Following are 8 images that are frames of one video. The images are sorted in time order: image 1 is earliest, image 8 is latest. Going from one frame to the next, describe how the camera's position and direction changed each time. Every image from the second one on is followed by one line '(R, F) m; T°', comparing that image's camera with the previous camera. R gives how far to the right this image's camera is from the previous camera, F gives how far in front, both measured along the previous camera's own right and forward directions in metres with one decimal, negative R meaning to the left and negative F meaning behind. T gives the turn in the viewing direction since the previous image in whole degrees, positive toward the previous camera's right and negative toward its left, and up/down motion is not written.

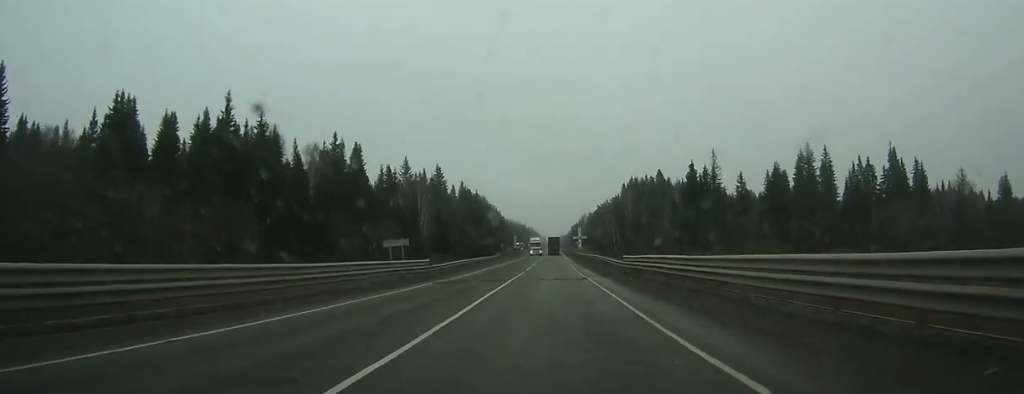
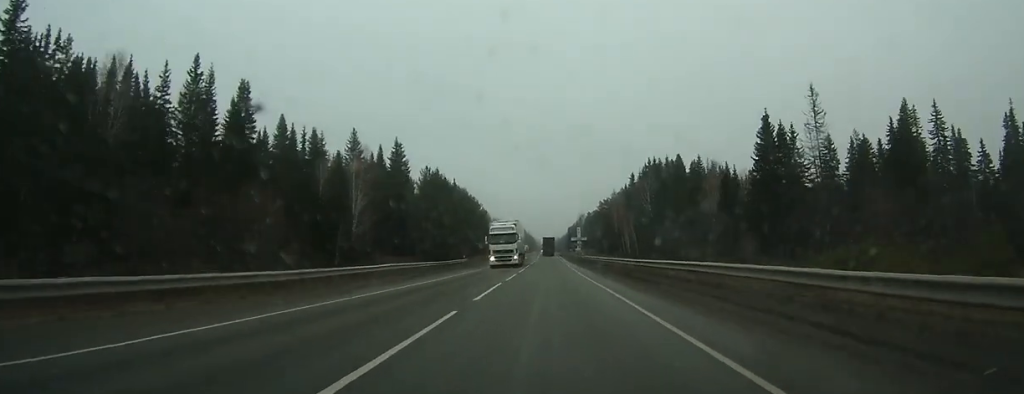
(+0.1, +43.6) m; 0°
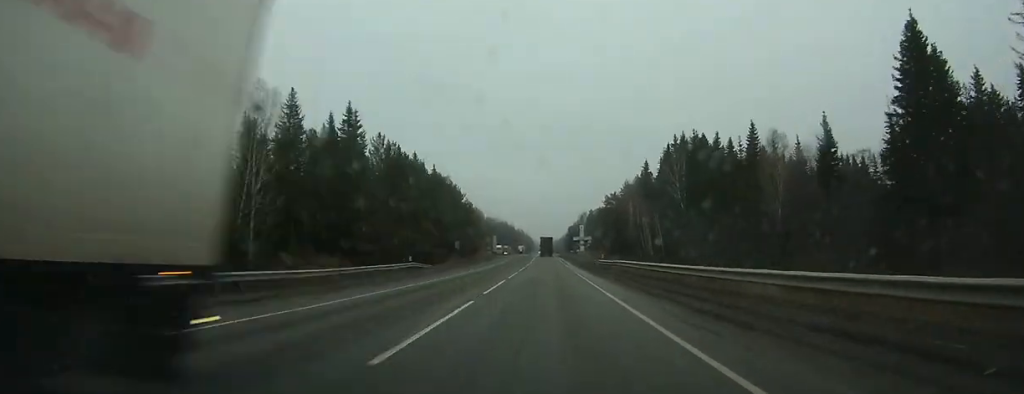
(+0.1, +32.9) m; 0°
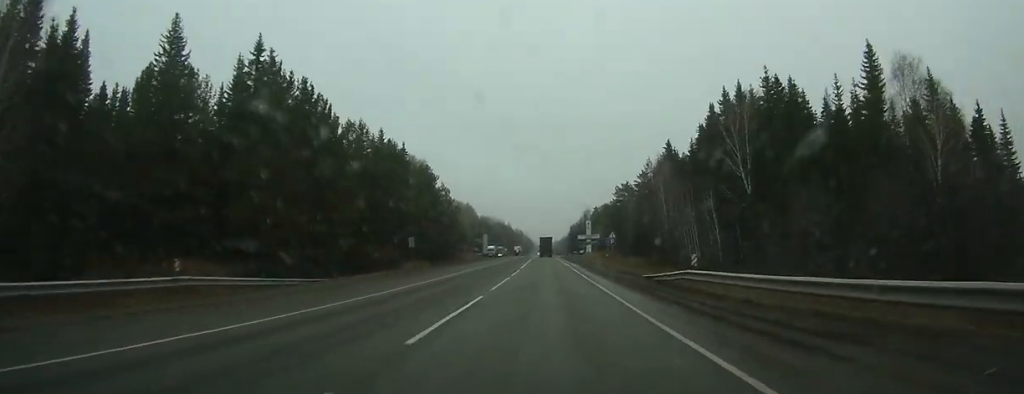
(+0.1, +34.3) m; 0°
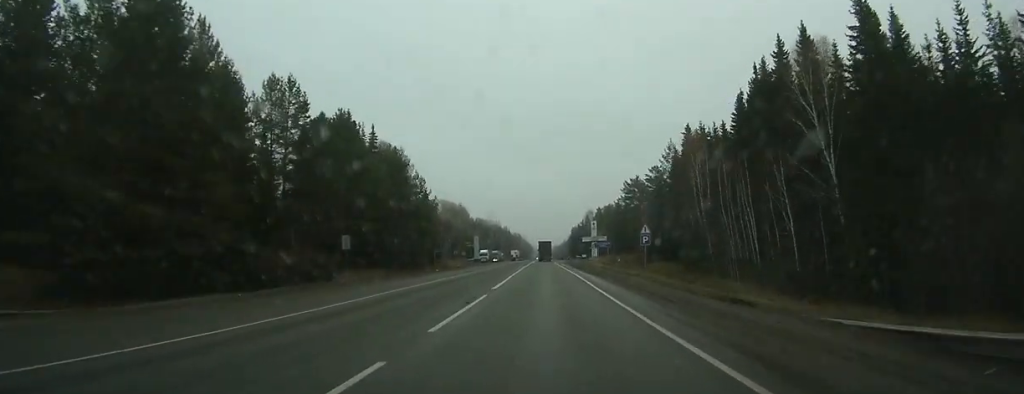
(0.0, +22.0) m; 0°
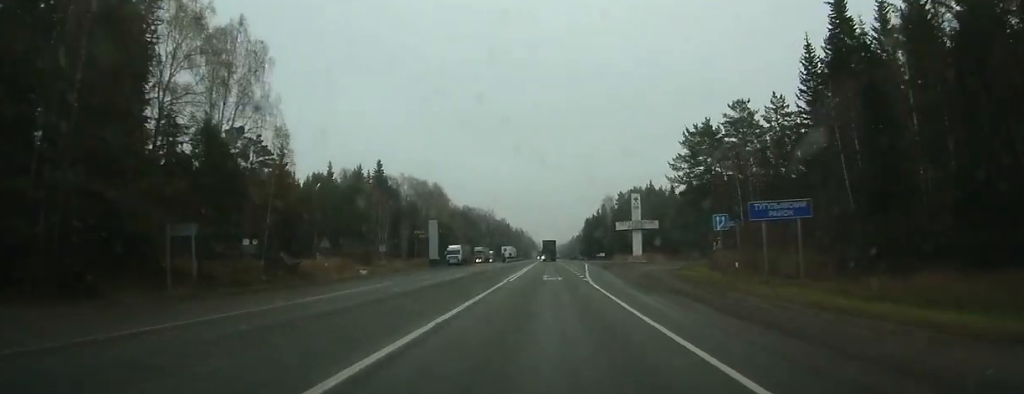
(+0.1, +68.0) m; 0°
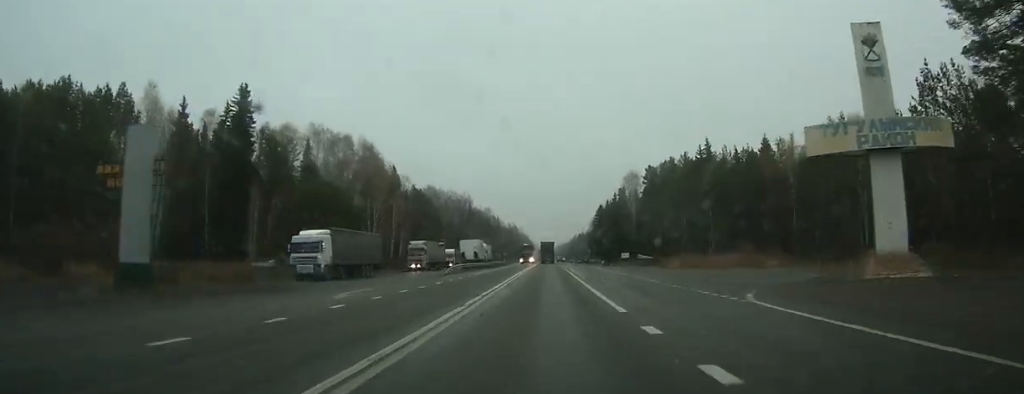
(+0.1, +71.6) m; 0°
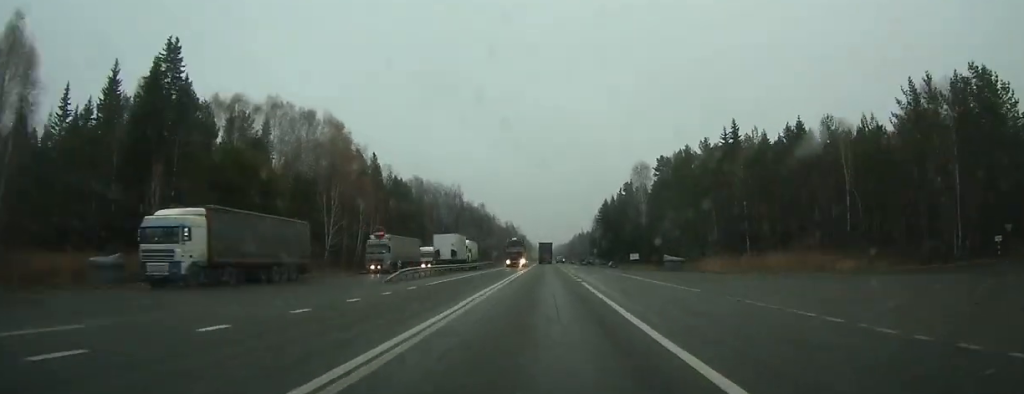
(-0.1, +18.6) m; 0°
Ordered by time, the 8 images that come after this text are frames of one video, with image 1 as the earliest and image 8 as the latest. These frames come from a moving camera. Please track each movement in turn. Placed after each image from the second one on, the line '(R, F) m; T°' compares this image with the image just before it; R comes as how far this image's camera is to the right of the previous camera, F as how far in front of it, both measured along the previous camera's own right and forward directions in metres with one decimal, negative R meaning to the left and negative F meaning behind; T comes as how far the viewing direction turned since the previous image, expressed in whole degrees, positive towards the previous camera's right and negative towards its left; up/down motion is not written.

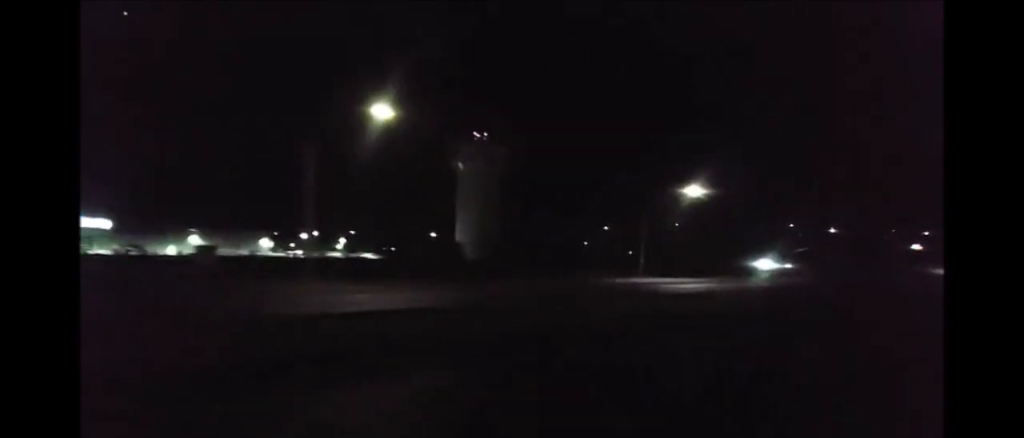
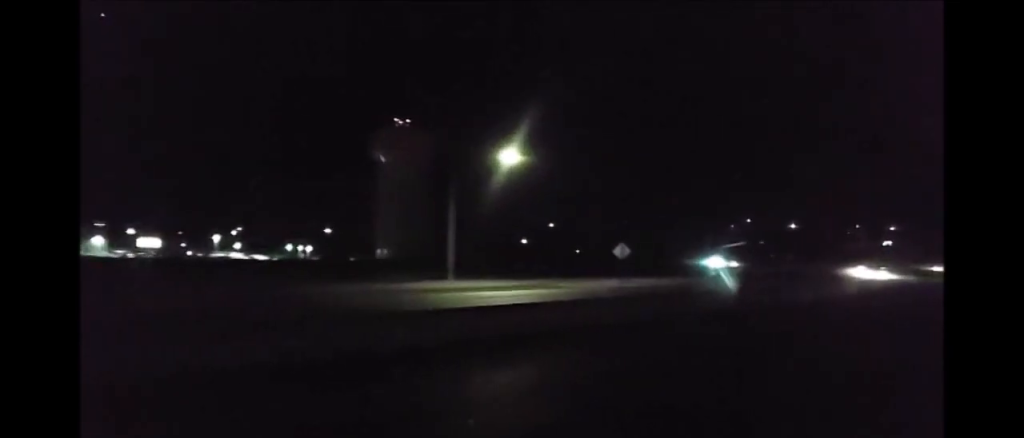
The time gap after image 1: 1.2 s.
(+0.6, +34.6) m; +2°
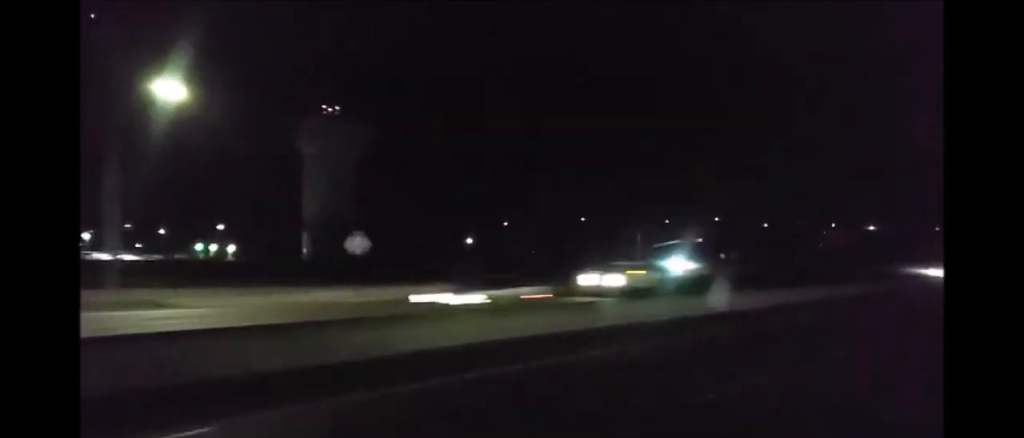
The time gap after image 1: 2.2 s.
(0.0, +28.8) m; +1°
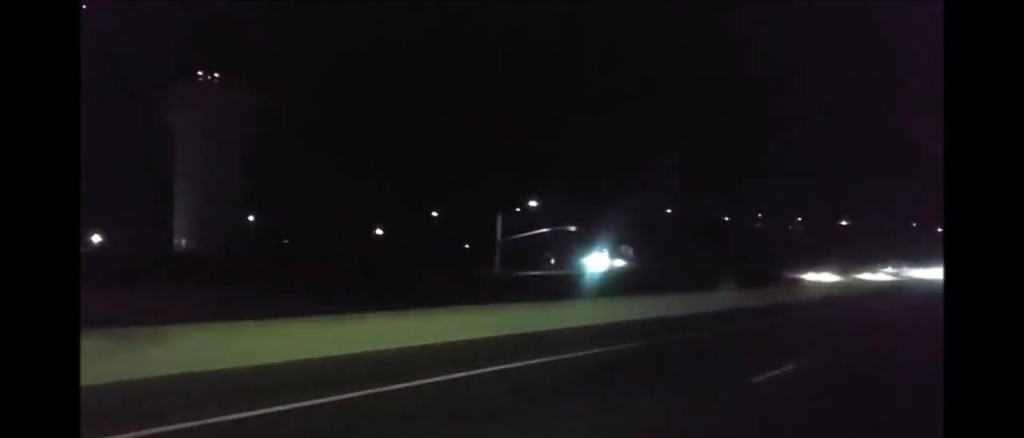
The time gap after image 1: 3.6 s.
(+0.2, +41.1) m; 0°
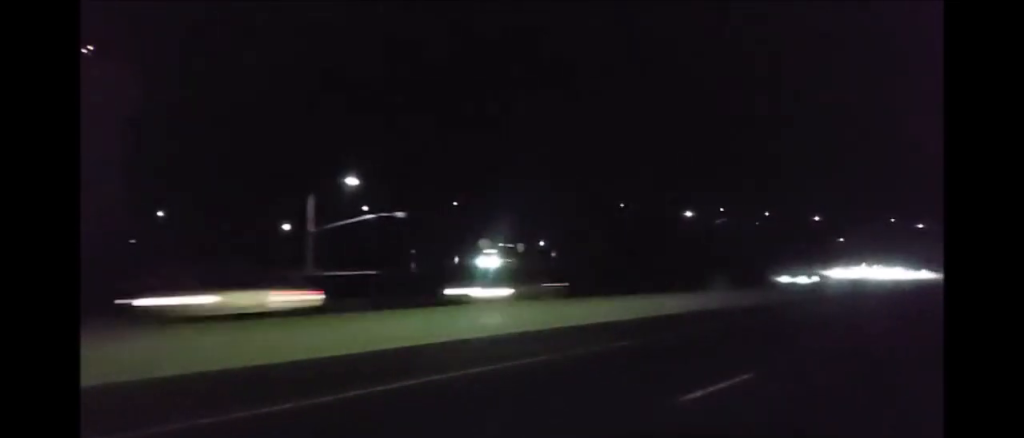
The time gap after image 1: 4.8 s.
(+0.2, +32.6) m; 0°
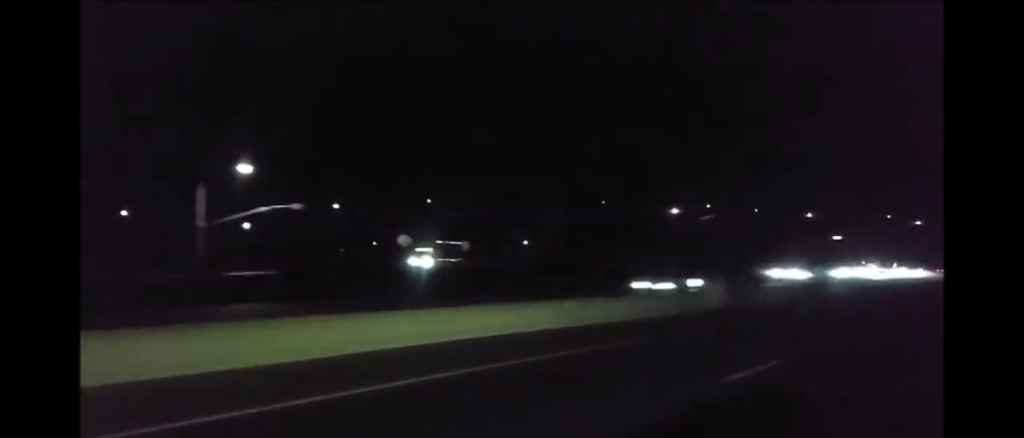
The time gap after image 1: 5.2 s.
(+0.3, +12.5) m; 0°
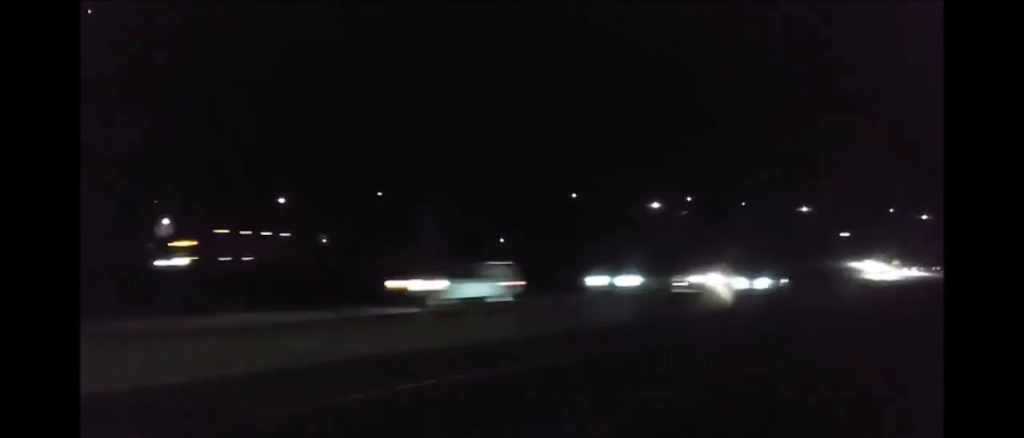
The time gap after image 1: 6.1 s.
(-0.6, +25.0) m; -1°
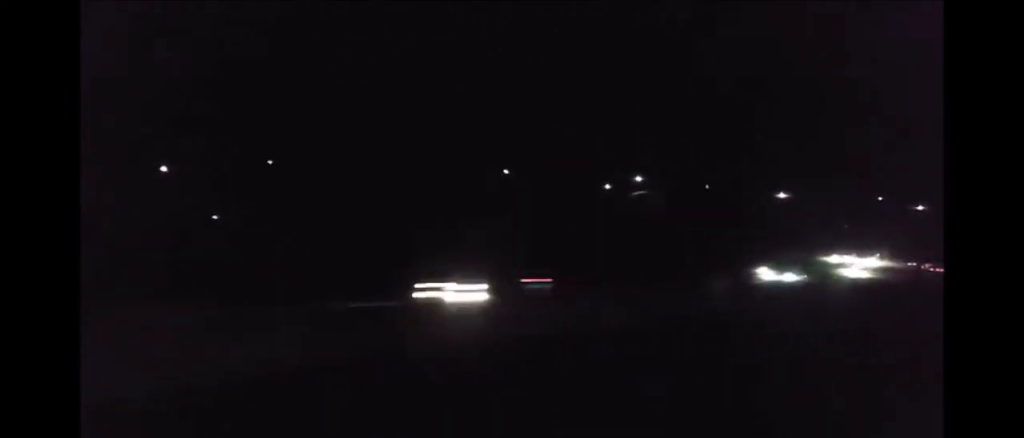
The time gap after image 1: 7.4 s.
(-0.3, +39.4) m; -1°

**Exercise requirements:** Could you write the entries out again exactly, without their pictures?

**Result of the task:**
Following are 8 images that are frames of one video. The images are sorted in time order: image 1 is earliest, image 8 is latest. Going from one frame to the next, describe how the camera's position and direction changed each time. Every image from the second one on is followed by one line '(R, F) m; T°', comparing that image's camera with the previous camera. R gives how far to the right this image's camera is from the previous camera, F gives how far in front, both measured along the previous camera's own right and forward directions in metres with one decimal, negative R meaning to the left and negative F meaning behind. T gives the turn in the viewing direction since the previous image in whole degrees, positive toward the previous camera's right and negative toward its left, and up/down motion is not written.

(+0.1, +43.6) m; 0°
(+0.1, +32.9) m; 0°
(+0.1, +34.3) m; 0°
(0.0, +22.0) m; 0°
(+0.1, +68.0) m; 0°
(+0.1, +71.6) m; 0°
(-0.1, +18.6) m; 0°
Ordered by time, the 8 images that come after this text are frames of one video, with image 1 as the earliest and image 8 as the latest. These frames come from a moving camera. Please track each movement in turn. Placed after each image from the second one on, the line '(R, F) m; T°' compares this image with the image just before it; R comes as how far this image's camera is to the right of the previous camera, F as how far in front of it, both measured along the previous camera's own right and forward directions in metres with one decimal, negative R meaning to the left and negative F meaning behind; T comes as how far the viewing direction turned since the previous image, expressed in whole degrees, positive towards the previous camera's right and negative towards its left; up/down motion is not written.

The time gap after image 1: 1.2 s.
(+0.6, +34.6) m; +2°
The time gap after image 1: 2.2 s.
(0.0, +28.8) m; +1°
The time gap after image 1: 3.6 s.
(+0.2, +41.1) m; 0°
The time gap after image 1: 4.8 s.
(+0.2, +32.6) m; 0°
The time gap after image 1: 5.2 s.
(+0.3, +12.5) m; 0°
The time gap after image 1: 6.1 s.
(-0.6, +25.0) m; -1°
The time gap after image 1: 7.4 s.
(-0.3, +39.4) m; -1°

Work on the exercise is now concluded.